A recent study by the Federal Reserve Bank of New York reports that most students who left college during the 2008 recession have defaulted on their loans, are seriously delinquent or are not able to keep paying down their balances.
"The latest statistics from the Fed simply show a worsening of the problem," said Lynnette Khalfani-Cox, author of "College Secrets: How to Save Money, Cut College Costs and Graduate Debt Free."
"We all know the true numbers regarding delinquencies are actually far more dire than the statistics currently show.
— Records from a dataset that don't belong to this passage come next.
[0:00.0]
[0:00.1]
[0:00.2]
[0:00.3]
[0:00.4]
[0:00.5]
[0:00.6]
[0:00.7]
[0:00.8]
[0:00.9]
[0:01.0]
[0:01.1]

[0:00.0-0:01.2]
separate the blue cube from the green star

That's because so few borrowers are actually in repayment," she said. "A lot of them, young and old, are struggling to make ends meet, and I fear ultimately many will wind up in delinquency or default."
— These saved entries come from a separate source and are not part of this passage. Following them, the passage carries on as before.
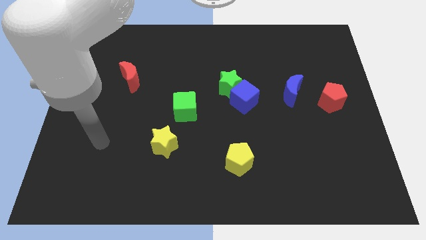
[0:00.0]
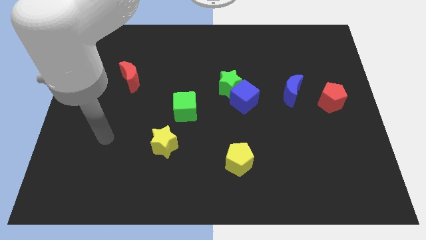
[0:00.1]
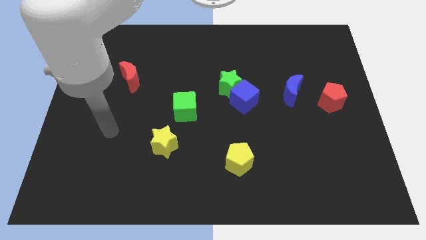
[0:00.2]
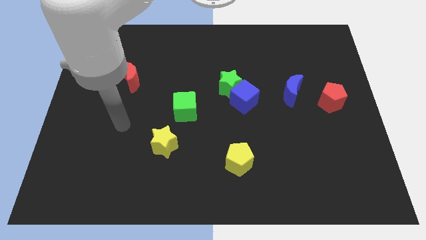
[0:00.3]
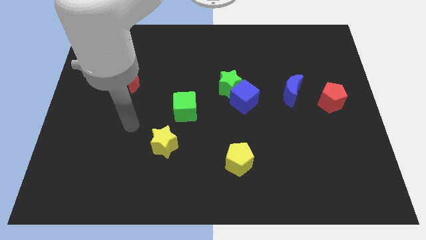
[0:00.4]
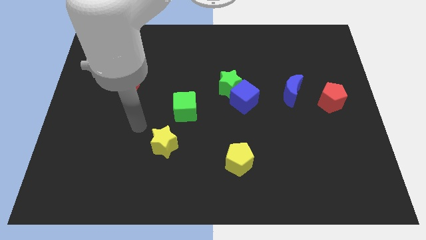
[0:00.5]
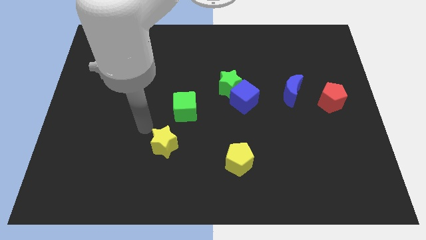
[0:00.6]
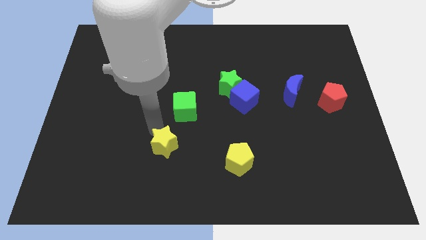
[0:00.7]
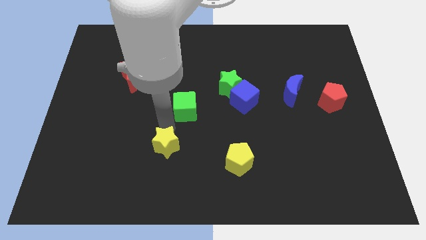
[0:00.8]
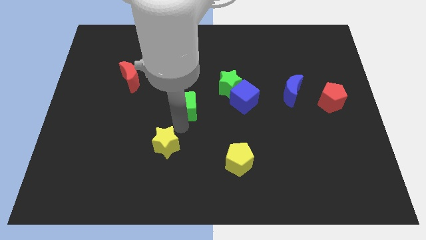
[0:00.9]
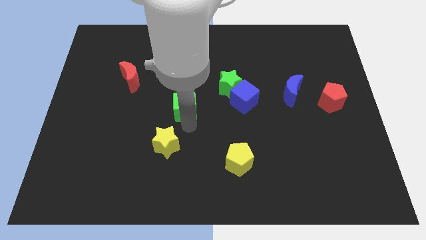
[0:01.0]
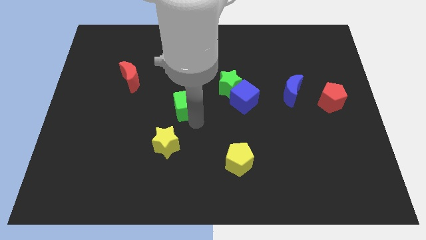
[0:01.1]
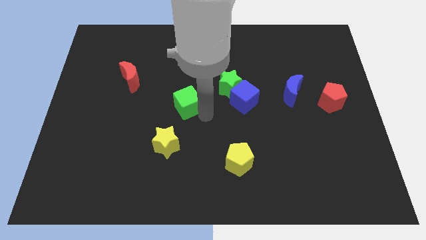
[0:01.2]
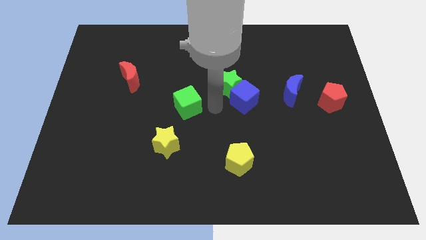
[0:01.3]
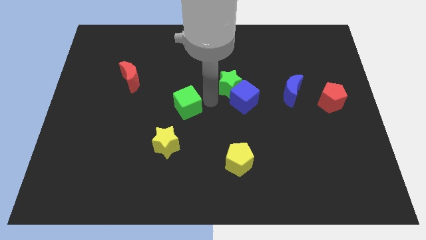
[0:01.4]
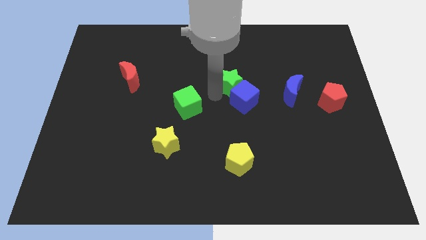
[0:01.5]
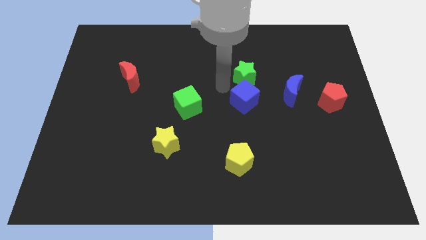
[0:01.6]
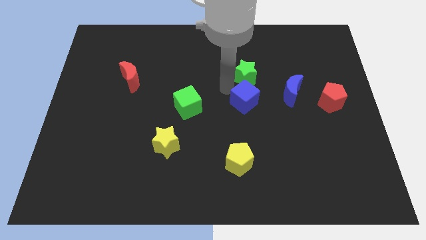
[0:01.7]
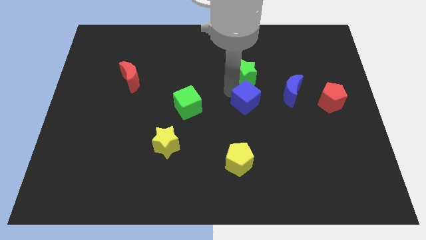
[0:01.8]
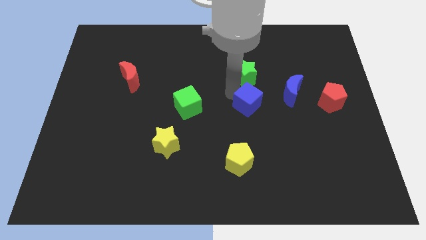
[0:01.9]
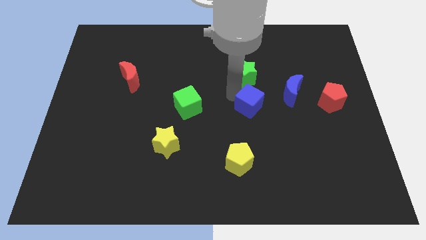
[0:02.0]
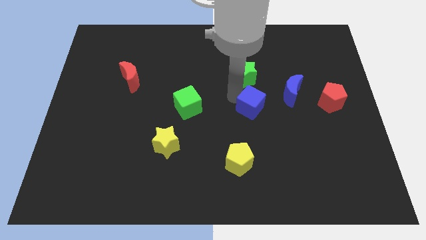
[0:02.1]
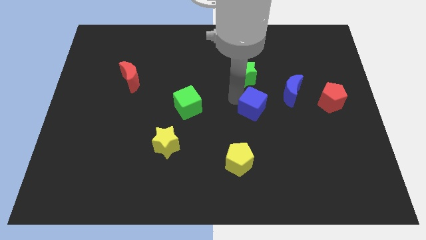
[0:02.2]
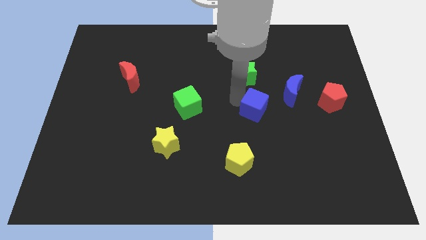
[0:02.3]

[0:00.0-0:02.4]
pull the blue cube apart from the green star

According to the survey, the hardest hit group are borrowers in low income areas, who have made almost no progress on paying down their loans, with an aggregate balance of 97 percent where it was for students leaving school in 2009.
In total, the study showed that 46 percent of student loan borrowers are current on their loans, but are not yet repaying, with only 37 percent both current and actively paying them down.
Research also shows that the young aren't the only ones affected. Two-thirds of the total student loan balances are held by people 30 and over. In addition, balances for people over the age of 60 have increased nine-fold between 2004-2014 in an attempt to re-educate themselves or help their children and grand-children with loans.
Another study conducted by the Urban Institute shows that in a similar time-frame, between 2004-2012, student loan borrowers with bachelor's degrees holding $40,000 or more in student loans jumped from 2 percent to 18 percent.